Assigned task – In the records below, find the line holding "main class: Grassland" and the line holding "longitude: 4.4257". Set down both, with every line between them, exactly.

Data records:

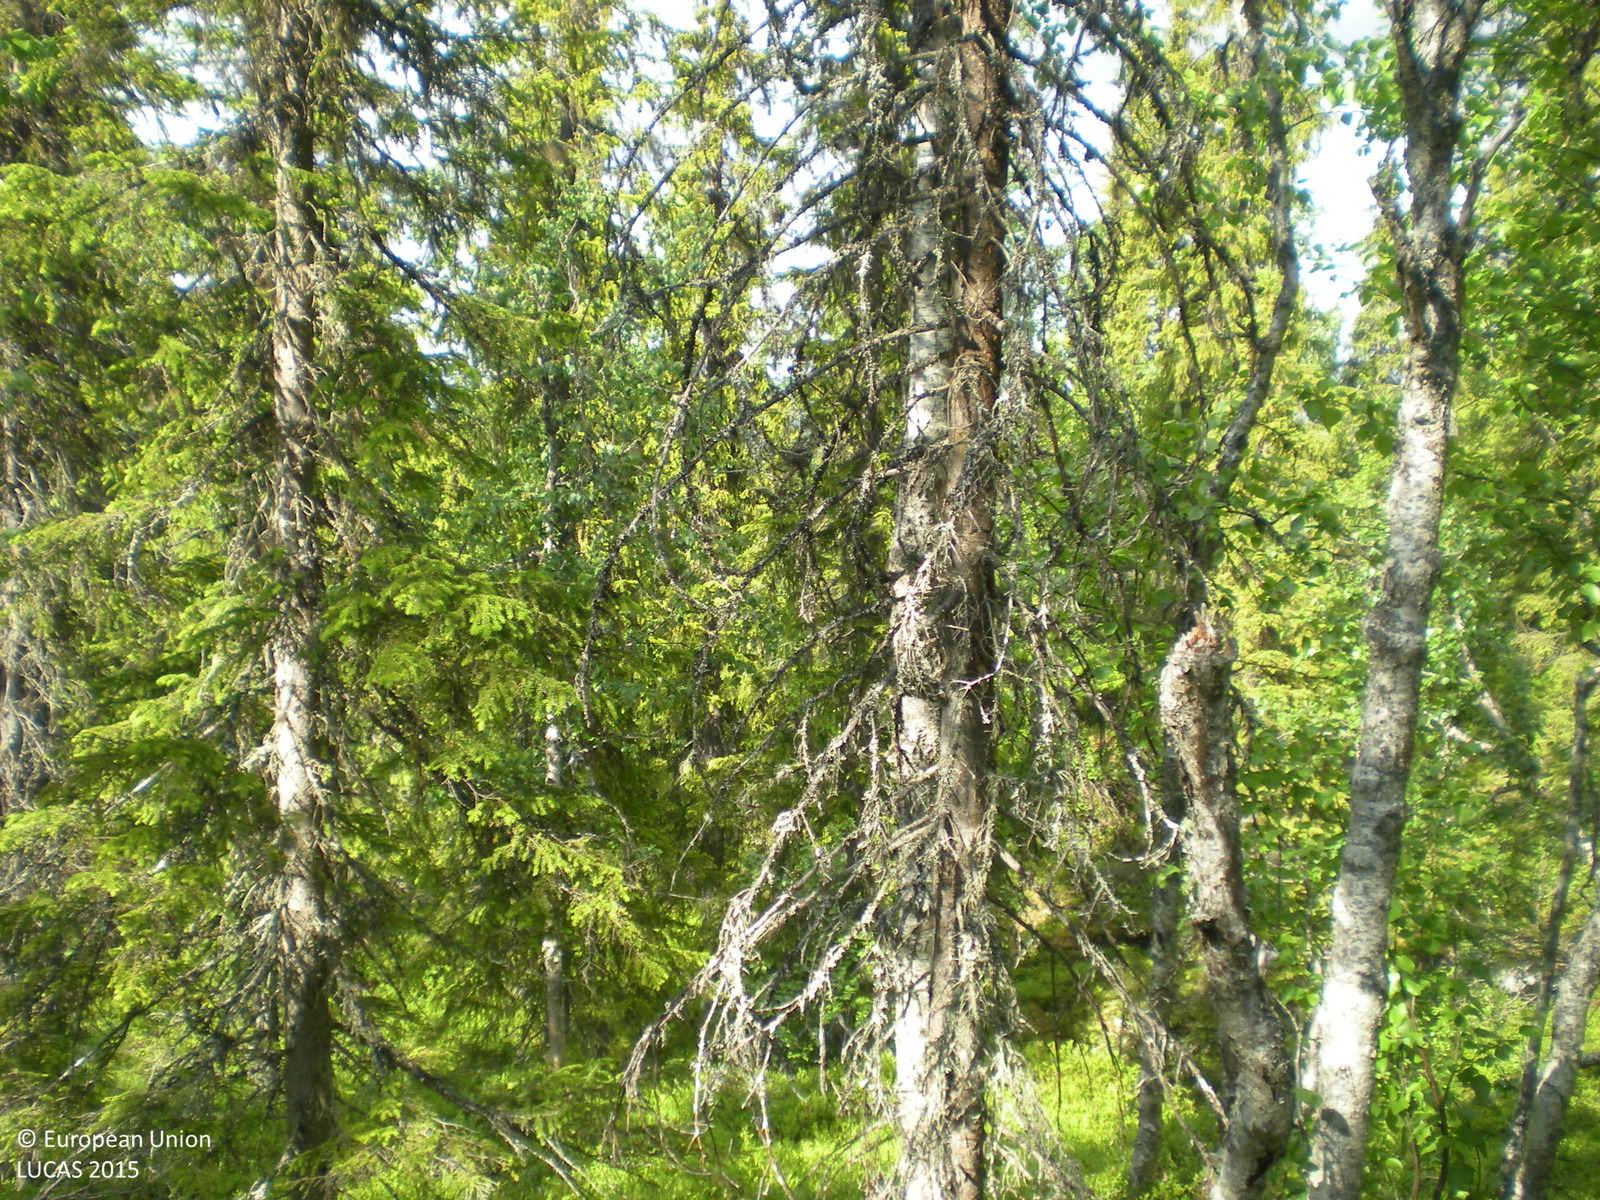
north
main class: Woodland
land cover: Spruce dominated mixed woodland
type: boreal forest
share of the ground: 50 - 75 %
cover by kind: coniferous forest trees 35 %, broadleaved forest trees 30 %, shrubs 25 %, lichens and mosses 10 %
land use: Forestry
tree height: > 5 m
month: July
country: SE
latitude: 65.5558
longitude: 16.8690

* * *

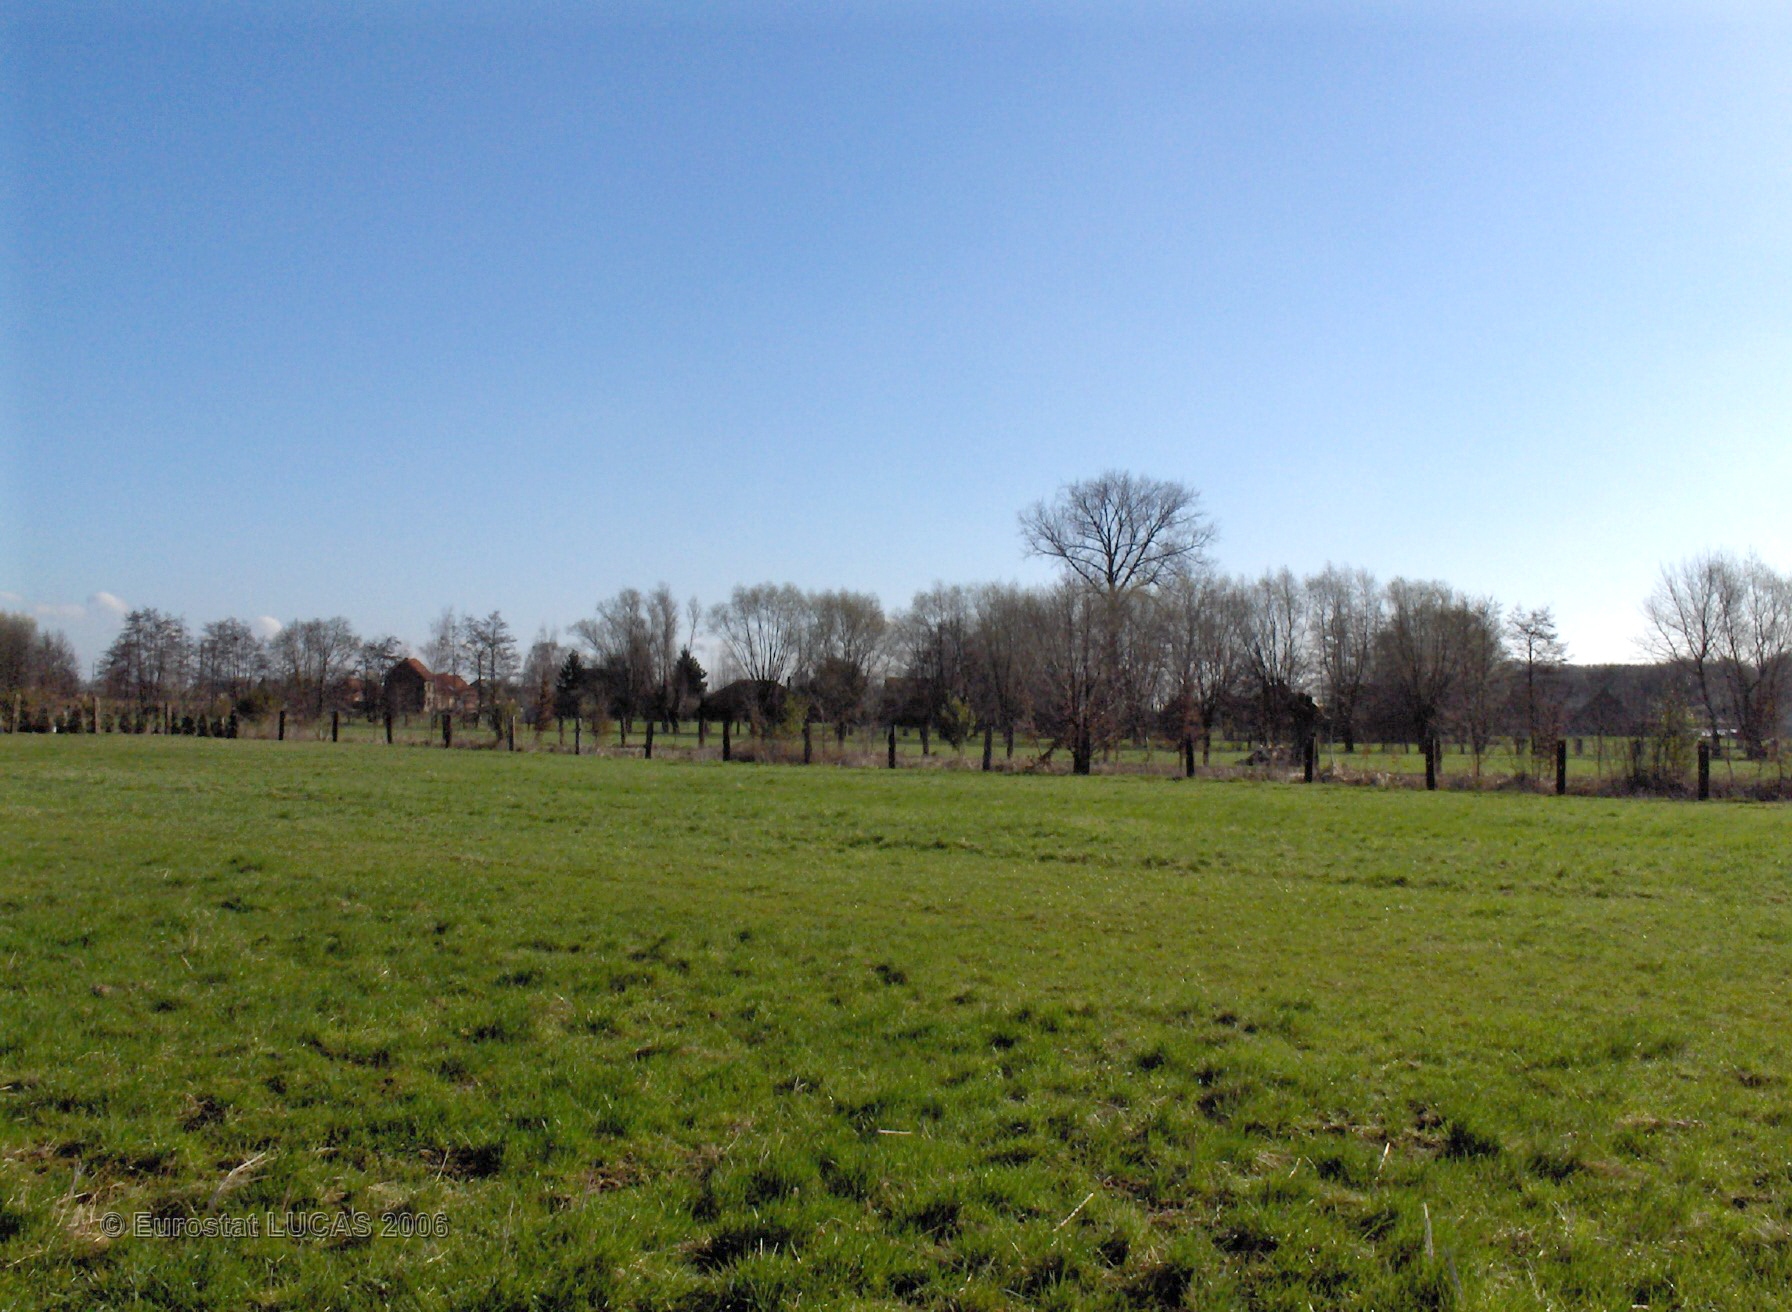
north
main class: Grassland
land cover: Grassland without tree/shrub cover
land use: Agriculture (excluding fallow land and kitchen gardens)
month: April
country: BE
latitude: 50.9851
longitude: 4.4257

Solution –
main class: Grassland
land cover: Grassland without tree/shrub cover
land use: Agriculture (excluding fallow land and kitchen gardens)
month: April
country: BE
latitude: 50.9851
longitude: 4.4257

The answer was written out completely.